(Stored data entries)

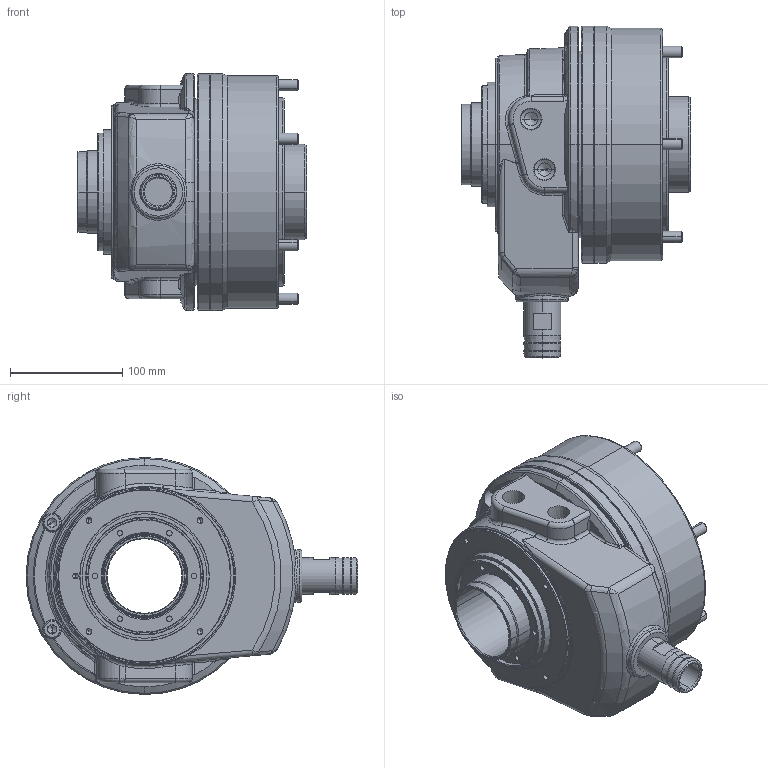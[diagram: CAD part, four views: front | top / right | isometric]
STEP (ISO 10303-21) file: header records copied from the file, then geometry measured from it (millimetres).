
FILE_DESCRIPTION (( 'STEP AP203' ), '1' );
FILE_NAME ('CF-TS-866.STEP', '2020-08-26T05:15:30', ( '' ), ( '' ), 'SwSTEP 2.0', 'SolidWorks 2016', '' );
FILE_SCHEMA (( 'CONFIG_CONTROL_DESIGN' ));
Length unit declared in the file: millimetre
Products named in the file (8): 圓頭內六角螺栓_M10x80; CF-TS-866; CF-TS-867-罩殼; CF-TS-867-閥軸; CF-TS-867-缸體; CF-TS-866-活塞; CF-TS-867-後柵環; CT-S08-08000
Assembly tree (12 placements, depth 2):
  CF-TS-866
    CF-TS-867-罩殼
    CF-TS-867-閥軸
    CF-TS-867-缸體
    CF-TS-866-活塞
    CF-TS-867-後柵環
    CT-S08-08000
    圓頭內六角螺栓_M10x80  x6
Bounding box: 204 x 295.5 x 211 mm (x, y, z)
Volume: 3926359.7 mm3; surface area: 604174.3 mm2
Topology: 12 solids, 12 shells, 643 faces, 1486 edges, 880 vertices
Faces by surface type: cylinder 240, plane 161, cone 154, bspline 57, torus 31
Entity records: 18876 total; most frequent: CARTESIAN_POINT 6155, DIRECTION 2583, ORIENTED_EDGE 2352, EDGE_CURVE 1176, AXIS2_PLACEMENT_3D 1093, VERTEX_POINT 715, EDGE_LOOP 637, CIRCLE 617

Problem details: Every line that contains the string "records" should be returned from the data.

Worked solution:
STEP (ISO 10303-21) file: header records copied from the file, then geometry measured from it (millimetres).
Entity records: 18876 total; most frequent: CARTESIAN_POINT 6155, DIRECTION 2583, ORIENTED_EDGE 2352, EDGE_CURVE 1176, AXIS2_PLACEMENT_3D 1093, VERTEX_POINT 715, EDGE_LOOP 637, CIRCLE 617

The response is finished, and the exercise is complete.